When I started managing the Next Kansas 51 library shared catalog in 2016 I inherited a collection of 1200+ SQL reports that had been created by seven or eight different employees over a seven or eight year period working with Koha.

Some reports have names that describe what the report does, but some have names like "pcm records," or "Problem hold," or (my personal favorite) "Not sure?"  Some reports have notes that describe what the report is intended to do, but many do not have notes ("Not sure?" does not have any notes).  Many are categorized into groups and sub-groups.  And sometimes the groups and sub-groups actually make sense.  But still, we had 1200+ reports.  Essentially, I inherited a SQL reports black hole.

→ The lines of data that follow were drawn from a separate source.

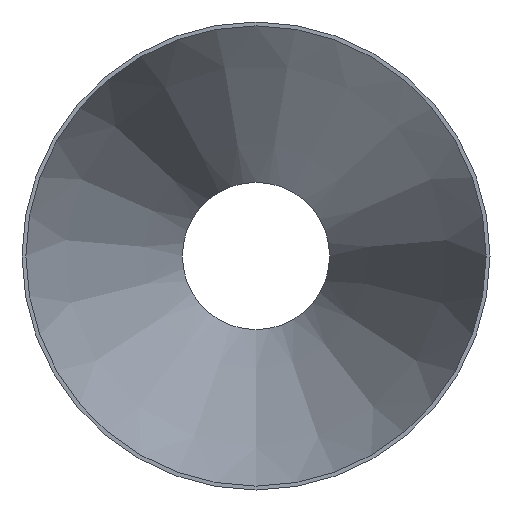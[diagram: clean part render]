
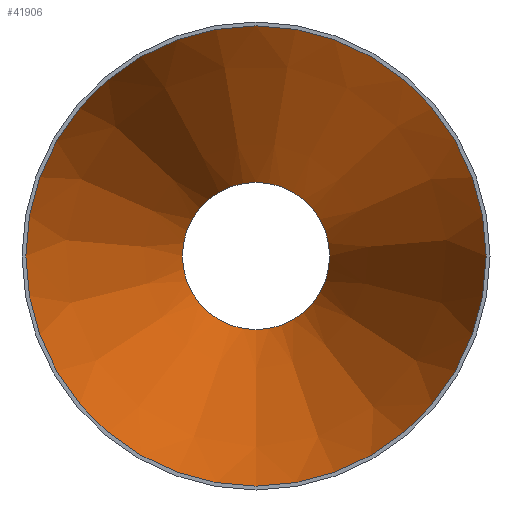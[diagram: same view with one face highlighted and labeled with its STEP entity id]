
A CAD part, front view. The second image highlights one B-rep face of the part: STEP entity #41906.
In plain terms, the highlighted conical face has half-angle 18.487 degrees and reference radius 249.782 mm.
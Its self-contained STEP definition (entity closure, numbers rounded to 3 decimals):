
#1300 = FACE_BOUND ( 'NONE', #17032, .T. ) ;
#7254 = CARTESIAN_POINT ( 'NONE',  ( 0., 508., -79.932 ) ) ;
#10381 = AXIS2_PLACEMENT_3D ( 'NONE', #40891, #22294, #43753 ) ;
#11316 = DIRECTION ( 'NONE',  ( 0., 0., -1. ) ) ;
#11424 = ORIENTED_EDGE ( 'NONE', *, *, #29013, .T. ) ;
#14170 = AXIS2_PLACEMENT_3D ( 'NONE', #26715, #20757, #41979 ) ;
#14378 = CARTESIAN_POINT ( 'NONE',  ( 0., 0., -249.782 ) ) ;
#14615 = VERTEX_POINT ( 'NONE', #7254 ) ;
#15790 = FACE_OUTER_BOUND ( 'NONE', #43900, .T. ) ;
#17032 = EDGE_LOOP ( 'NONE', ( #39813 ) ) ;
#20350 = CIRCLE ( 'NONE', #46950, 249.782 ) ;
#20757 = DIRECTION ( 'NONE',  ( 0., -1., 0. ) ) ;
#22294 = DIRECTION ( 'NONE',  ( 0., -1., 0. ) ) ;
#22680 = CARTESIAN_POINT ( 'NONE',  ( 0., 0., 0. ) ) ;
#25065 = VERTEX_POINT ( 'NONE', #14378 ) ;
#26715 = CARTESIAN_POINT ( 'NONE',  ( 0., 0., 0. ) ) ;
#29013 = EDGE_CURVE ( 'NONE', #25065, #25065, #20350, .T. ) ;
#37824 = CIRCLE ( 'NONE', #10381, 79.932 ) ;
#39813 = ORIENTED_EDGE ( 'NONE', *, *, #45334, .F. ) ;
#40891 = CARTESIAN_POINT ( 'NONE',  ( 0., 508., 0. ) ) ;
#41906 = ADVANCED_FACE ( 'NONE', ( #1300, #15790 ), #44700, .F. ) ;
#41979 = DIRECTION ( 'NONE',  ( 0., 0., -1. ) ) ;
#43753 = DIRECTION ( 'NONE',  ( 0., 0., -1. ) ) ;
#43900 = EDGE_LOOP ( 'NONE', ( #11424 ) ) ;
#43911 = DIRECTION ( 'NONE',  ( 0., -1., 0. ) ) ;
#44700 = CONICAL_SURFACE ( 'NONE', #14170, 249.782, 0.323 ) ;
#45334 = EDGE_CURVE ( 'NONE', #14615, #14615, #37824, .T. ) ;
#46950 = AXIS2_PLACEMENT_3D ( 'NONE', #22680, #43911, #11316 ) ;
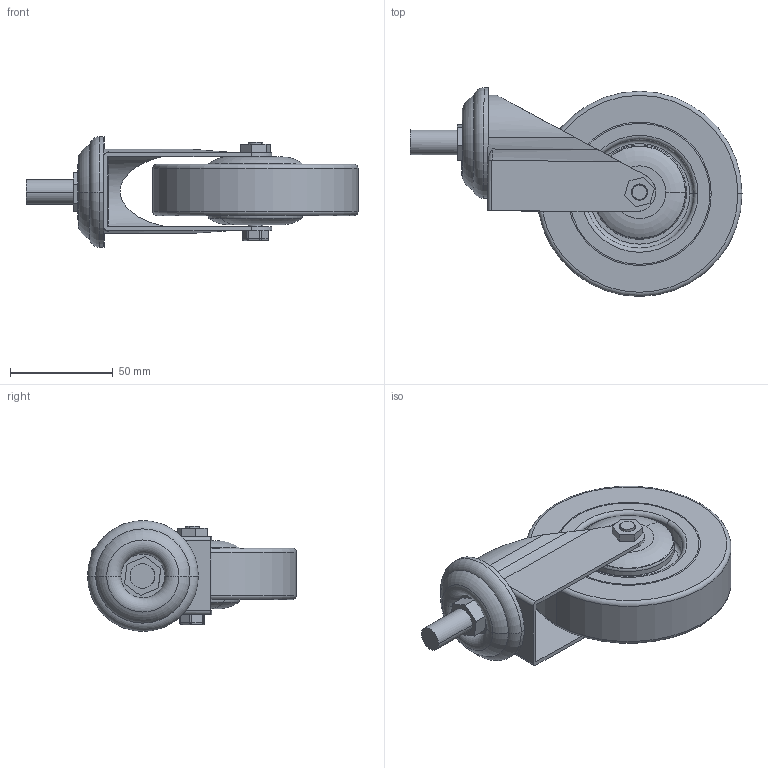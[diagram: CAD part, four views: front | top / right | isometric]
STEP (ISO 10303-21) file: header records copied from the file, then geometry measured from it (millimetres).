
FILE_DESCRIPTION (( 'STEP AP203' ), '1' );
FILE_NAME ('RSI936100.STEP', '2016-04-03T09:26:40', ( '' ), ( '' ), 'SwSTEP 2.0', 'SolidWorks 2014', '' );
FILE_SCHEMA (( 'CONFIG_CONTROL_DESIGN' ));
Length unit declared in the file: millimetre
Products named in the file (8): RSI936100; 膰錼勷; öèëèíäð; çàùèòà; 搿錓; 闃膼瘔; ïîäøèáíèê; ãàéêà
Assembly tree (8 placements, depth 2):
  RSI936100
    膰錼勷
    öèëèíäð
    çàùèòà  x2
    搿錓
    闃膼瘔
    ïîäøèáíèê
    ãàéêà
Bounding box: 161.86 x 101.84 x 54 mm (x, y, z)
Volume: 209866.7 mm3; surface area: 65162.6 mm2
Topology: 8 solids, 8 shells, 181 faces, 400 edges, 248 vertices
Faces by surface type: cylinder 72, plane 60, torus 42, sphere 7
Entity records: 5511 total; most frequent: DIRECTION 907, CARTESIAN_POINT 818, ORIENTED_EDGE 728, AXIS2_PLACEMENT_3D 379, EDGE_CURVE 364, VERTEX_POINT 226, CIRCLE 203, EDGE_LOOP 192
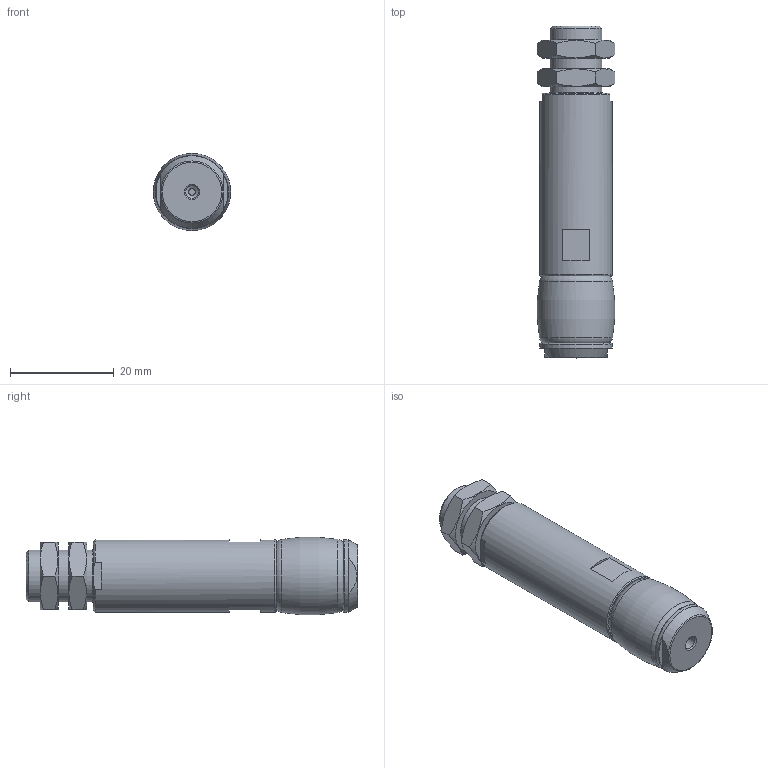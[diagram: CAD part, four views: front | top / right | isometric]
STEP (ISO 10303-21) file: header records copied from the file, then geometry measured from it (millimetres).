
FILE_DESCRIPTION(/* description */ ('STEP AP214'),/* implementation_level */ '2;1');
FILE_NAME(/* name */ '1320812_DHEB-14-E-U-E-L',/* time_stamp */ '2024-08-19T16:19:19+02:00',/* author */ ('License CC BY-ND 4.0'),/* organization */ ('CADENAS'),/* preprocessor_version */ 'ST-DEVELOPER v19.3',/* originating_system */ 'PARTsolutions',/* authorisation */ ' ');
FILE_SCHEMA (('AUTOMOTIVE_DESIGN {1 0 10303 214 3 1 1}'));
Length unit declared in the file: millimetre
Products named in the file (5): 1320812 DHEB-14-E-U-E-L---(AUS); 1363529 DHEB-14-E-U-E-L; 1363531 DHEB-14-E-U-E-L---(AUS); 1448946 DHAS-GB-B14-14-S---(MOD-AUS-U); 396998 YSRW M10X1-3.5-13
Assembly tree (5 placements, depth 2):
  1320812 DHEB-14-E-U-E-L---(AUS)
    1363529 DHEB-14-E-U-E-L
    1363531 DHEB-14-E-U-E-L---(AUS)
    1448946 DHAS-GB-B14-14-S---(MOD-AUS-U)
    396998 YSRW M10X1-3.5-13  x2
Bounding box: 15.01 x 64 x 14.9 mm (x, y, z)
Volume: 8492.7 mm3; surface area: 7032.8 mm2
Topology: 5 solids, 5 shells, 88 faces, 182 edges, 115 vertices
Faces by surface type: plane 45, cylinder 19, cone 17, torus 7
Full cylindrical faces by diameter (mm): 1 x1, 1.3 x1, 2 x1, 2.459 x1, 4 x2, 4.134 x1, 5 x3, 7.5 x2, 8.917 x2, 10 x1, 12 x2, 14 x2
Entity records: 1893 total; most frequent: CARTESIAN_POINT 365, DIRECTION 308, ORIENTED_EDGE 210, AXIS2_PLACEMENT_3D 142, FACE_BOUND 132, EDGE_LOOP 131, EDGE_CURVE 105, VERTEX_POINT 87

For staff at our member libraries, finding a report went something like this:

1. A staff member from Library A would go to "Home > Reports > Guided reports wizard > Saved reports" and search for a report that does A, B, and C using the keyword search tools on the page to search for A, B, or C or some variations on that search.

2. If the searcher could not find a report that appeared to do what they wanted, they would phone or e-mail NEKLS saying "I'm looking for a report that does A, B, and C.  Do we have a report that does A, B, and C?"

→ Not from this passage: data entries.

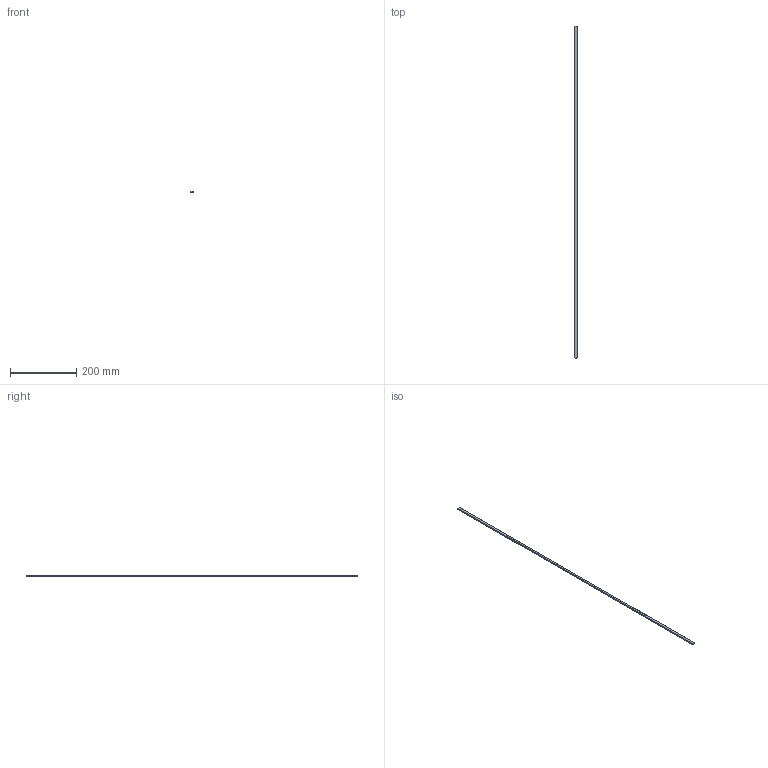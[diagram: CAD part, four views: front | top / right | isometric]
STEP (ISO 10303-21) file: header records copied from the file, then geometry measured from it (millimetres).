
FILE_DESCRIPTION(/* description */ ('Unknown'),/* implementation_level */ '2;1');
FILE_NAME(/* name */ '302070499',/* time_stamp */ '2024-09-19T14:58:37+08:00',/* author */ ('Unknown'),/* organization */ ('Unknown'),/* preprocessor_version */ 'ST-DEVELOPER v19.4',/* originating_system */ 'Solid Edge',/* authorisation */ 'Unknown');
FILE_SCHEMA (('AUTOMOTIVE_DESIGN {1 0 10303 214 3 1 1}'));
Length unit declared in the file: millimetre
Products named in the file (5): 302070499; Glue; NiCu-woven; Foam; RleaseTape
Assembly tree (4 placements, depth 2):
  302070499
    Glue
    NiCu-woven
    Foam
    RleaseTape
Bounding box: 7 x 1000 x 4.2 mm (x, y, z)
Volume: 28565.7 mm3; surface area: 76170.4 mm2
Topology: 4 solids, 4 shells, 40 faces, 96 edges, 64 vertices
Faces by surface type: plane 28, cylinder 12
Entity records: 1301 total; most frequent: DIRECTION 210, CARTESIAN_POINT 205, ORIENTED_EDGE 192, EDGE_CURVE 96, LINE 72, VECTOR 72, AXIS2_PLACEMENT_3D 69, VERTEX_POINT 64

3. NEKLS would respond with "Well, I think we have a report that does A, B, and C, but I can't find it, so I wrote a new report that does A, B, and C.  It's report #4656 and I named it "Report for Library A".  Let me know if it works."

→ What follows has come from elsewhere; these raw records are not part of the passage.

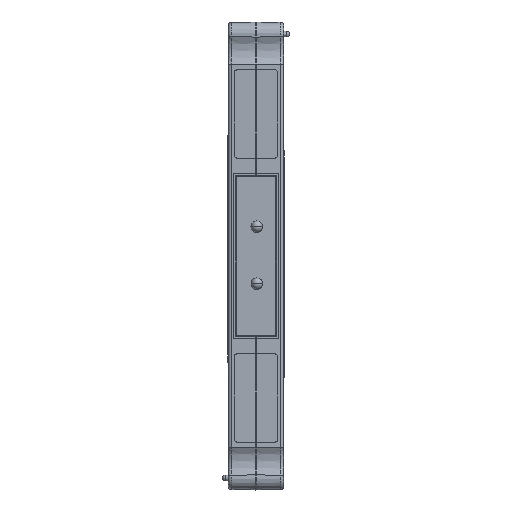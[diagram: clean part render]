
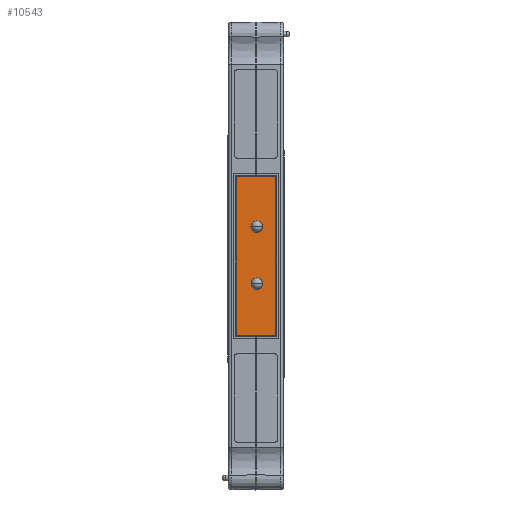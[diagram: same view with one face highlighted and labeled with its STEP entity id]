
A CAD part, top view. The second image highlights one B-rep face of the part: STEP entity #10543.
In plain terms, the highlighted planar face has unit normal (0, 0, 1).
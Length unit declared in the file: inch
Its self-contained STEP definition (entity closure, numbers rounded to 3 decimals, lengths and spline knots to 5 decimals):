
#48 = LINE ( 'NONE', #30758, #6320 ) ;
#302 = CARTESIAN_POINT ( 'NONE',  ( -1.28975, -0.3968, 0.04 ) ) ;
#339 = CARTESIAN_POINT ( 'NONE',  ( -1.28975, -0.3968, 0.04 ) ) ;
#909 = VECTOR ( 'NONE', #32456, 39.37008 ) ;
#941 = EDGE_LOOP ( 'NONE', ( #5828, #35973 ) ) ;
#1321 = ORIENTED_EDGE ( 'NONE', *, *, #36564, .T. ) ;
#1387 = CARTESIAN_POINT ( 'NONE',  ( -0.89475, -1.35778, 0.04 ) ) ;
#2044 = FACE_BOUND ( 'NONE', #941, .T. ) ;
#2069 = DIRECTION ( 'NONE',  ( 0., -1., 0. ) ) ;
#2299 = CIRCLE ( 'NONE', #30887, 0.1 ) ;
#2376 = CIRCLE ( 'NONE', #32686, 0.1 ) ;
#2504 = EDGE_CURVE ( 'NONE', #2833, #22300, #27768, .T. ) ;
#2550 = DIRECTION ( 'NONE',  ( 0., 0., 1. ) ) ;
#2833 = VERTEX_POINT ( 'NONE', #23489 ) ;
#3568 = VERTEX_POINT ( 'NONE', #25875 ) ;
#4969 = AXIS2_PLACEMENT_3D ( 'NONE', #6434, #6315, #29367 ) ;
#5828 = ORIENTED_EDGE ( 'NONE', *, *, #32594, .F. ) ;
#6285 = CARTESIAN_POINT ( 'NONE',  ( -1.68475, 1.53222, 0.04 ) ) ;
#6315 = DIRECTION ( 'NONE',  ( 0., 0., -1. ) ) ;
#6320 = VECTOR ( 'NONE', #2069, 39.37008 ) ;
#6434 = CARTESIAN_POINT ( 'NONE',  ( -1.68475, -1.35778, 0.04 ) ) ;
#7032 = EDGE_CURVE ( 'NONE', #21361, #22300, #48, .T. ) ;
#8925 = ORIENTED_EDGE ( 'NONE', *, *, #30301, .T. ) ;
#9499 = ORIENTED_EDGE ( 'NONE', *, *, #2504, .F. ) ;
#9512 = CARTESIAN_POINT ( 'NONE',  ( -1.18975, 0.6032, 0.04 ) ) ;
#10163 = DIRECTION ( 'NONE',  ( 1., 0., 0. ) ) ;
#10543 = ADVANCED_FACE ( 'NONE', ( #31577, #2044, #28854 ), #23853, .F. ) ;
#11661 = EDGE_CURVE ( 'NONE', #2833, #31302, #23876, .T. ) ;
#11702 = DIRECTION ( 'NONE',  ( 0., 0., -1. ) ) ;
#11874 = EDGE_CURVE ( 'NONE', #21361, #31302, #24750, .T. ) ;
#12070 = CARTESIAN_POINT ( 'NONE',  ( -1.68475, -1.35778, 0.04 ) ) ;
#12967 = CARTESIAN_POINT ( 'NONE',  ( -1.68475, 1.53222, 0.04 ) ) ;
#13902 = VERTEX_POINT ( 'NONE', #31112 ) ;
#15065 = DIRECTION ( 'NONE',  ( 1., 0., 0. ) ) ;
#16206 = DIRECTION ( 'NONE',  ( 0., 0., 1. ) ) ;
#17242 = AXIS2_PLACEMENT_3D ( 'NONE', #36910, #2550, #19722 ) ;
#17844 = EDGE_LOOP ( 'NONE', ( #1321, #8925 ) ) ;
#19722 = DIRECTION ( 'NONE',  ( 1., 0., 0. ) ) ;
#20466 = DIRECTION ( 'NONE',  ( -1., 0., 0. ) ) ;
#20702 = CIRCLE ( 'NONE', #17242, 0.1 ) ;
#21361 = VERTEX_POINT ( 'NONE', #12967 ) ;
#22088 = VECTOR ( 'NONE', #25211, 39.37008 ) ;
#22300 = VERTEX_POINT ( 'NONE', #12070 ) ;
#22309 = ORIENTED_EDGE ( 'NONE', *, *, #11661, .T. ) ;
#23116 = DIRECTION ( 'NONE',  ( -1., 0., 0. ) ) ;
#23489 = CARTESIAN_POINT ( 'NONE',  ( -0.89475, -1.35778, 0.04 ) ) ;
#23853 = PLANE ( 'NONE',  #4969 ) ;
#23876 = LINE ( 'NONE', #36804, #22088 ) ;
#24558 = EDGE_CURVE ( 'NONE', #13902, #34388, #2299, .T. ) ;
#24570 = CARTESIAN_POINT ( 'NONE',  ( -1.18975, -0.3968, 0.04 ) ) ;
#24750 = LINE ( 'NONE', #6285, #28340 ) ;
#25211 = DIRECTION ( 'NONE',  ( 0., 1., 0. ) ) ;
#25875 = CARTESIAN_POINT ( 'NONE',  ( -1.38975, -0.3968, 0.04 ) ) ;
#26254 = ORIENTED_EDGE ( 'NONE', *, *, #11874, .F. ) ;
#27768 = LINE ( 'NONE', #1387, #909 ) ;
#28340 = VECTOR ( 'NONE', #15065, 39.37008 ) ;
#28385 = CIRCLE ( 'NONE', #29097, 0.1 ) ;
#28854 = FACE_BOUND ( 'NONE', #17844, .T. ) ;
#29097 = AXIS2_PLACEMENT_3D ( 'NONE', #339, #11702, #23116 ) ;
#29215 = DIRECTION ( 'NONE',  ( 0., 0., -1. ) ) ;
#29367 = DIRECTION ( 'NONE',  ( -1., 0., 0. ) ) ;
#30056 = EDGE_LOOP ( 'NONE', ( #35042, #9499, #22309, #26254 ) ) ;
#30301 = EDGE_CURVE ( 'NONE', #3568, #36784, #28385, .T. ) ;
#30758 = CARTESIAN_POINT ( 'NONE',  ( -1.68475, 1.53222, 0.04 ) ) ;
#30887 = AXIS2_PLACEMENT_3D ( 'NONE', #36011, #16206, #10163 ) ;
#31112 = CARTESIAN_POINT ( 'NONE',  ( -1.38975, 0.6032, 0.04 ) ) ;
#31302 = VERTEX_POINT ( 'NONE', #35997 ) ;
#31577 = FACE_OUTER_BOUND ( 'NONE', #30056, .T. ) ;
#32456 = DIRECTION ( 'NONE',  ( -1., 0., 0. ) ) ;
#32594 = EDGE_CURVE ( 'NONE', #34388, #13902, #20702, .T. ) ;
#32686 = AXIS2_PLACEMENT_3D ( 'NONE', #302, #29215, #20466 ) ;
#34388 = VERTEX_POINT ( 'NONE', #9512 ) ;
#35042 = ORIENTED_EDGE ( 'NONE', *, *, #7032, .T. ) ;
#35973 = ORIENTED_EDGE ( 'NONE', *, *, #24558, .F. ) ;
#35997 = CARTESIAN_POINT ( 'NONE',  ( -0.89475, 1.53222, 0.04 ) ) ;
#36011 = CARTESIAN_POINT ( 'NONE',  ( -1.28975, 0.6032, 0.04 ) ) ;
#36564 = EDGE_CURVE ( 'NONE', #36784, #3568, #2376, .T. ) ;
#36784 = VERTEX_POINT ( 'NONE', #24570 ) ;
#36804 = CARTESIAN_POINT ( 'NONE',  ( -0.89475, -1.35778, 0.04 ) ) ;
#36910 = CARTESIAN_POINT ( 'NONE',  ( -1.28975, 0.6032, 0.04 ) ) ;

4. A month later a staff member from a different library would go to "Home > Reports > Guided reports wizard > Saved reports" and search for and search for a report that does A, B, and C using the keyword search tools on the page to search for A, B, or C or some variations on that search.

5. If the new searcher could not find a report that appeared to do A, B, and C, they would phone or e-mail NEKLS saying "I'm looking for a report that does A, B, and C.  Do we have a report that does this?"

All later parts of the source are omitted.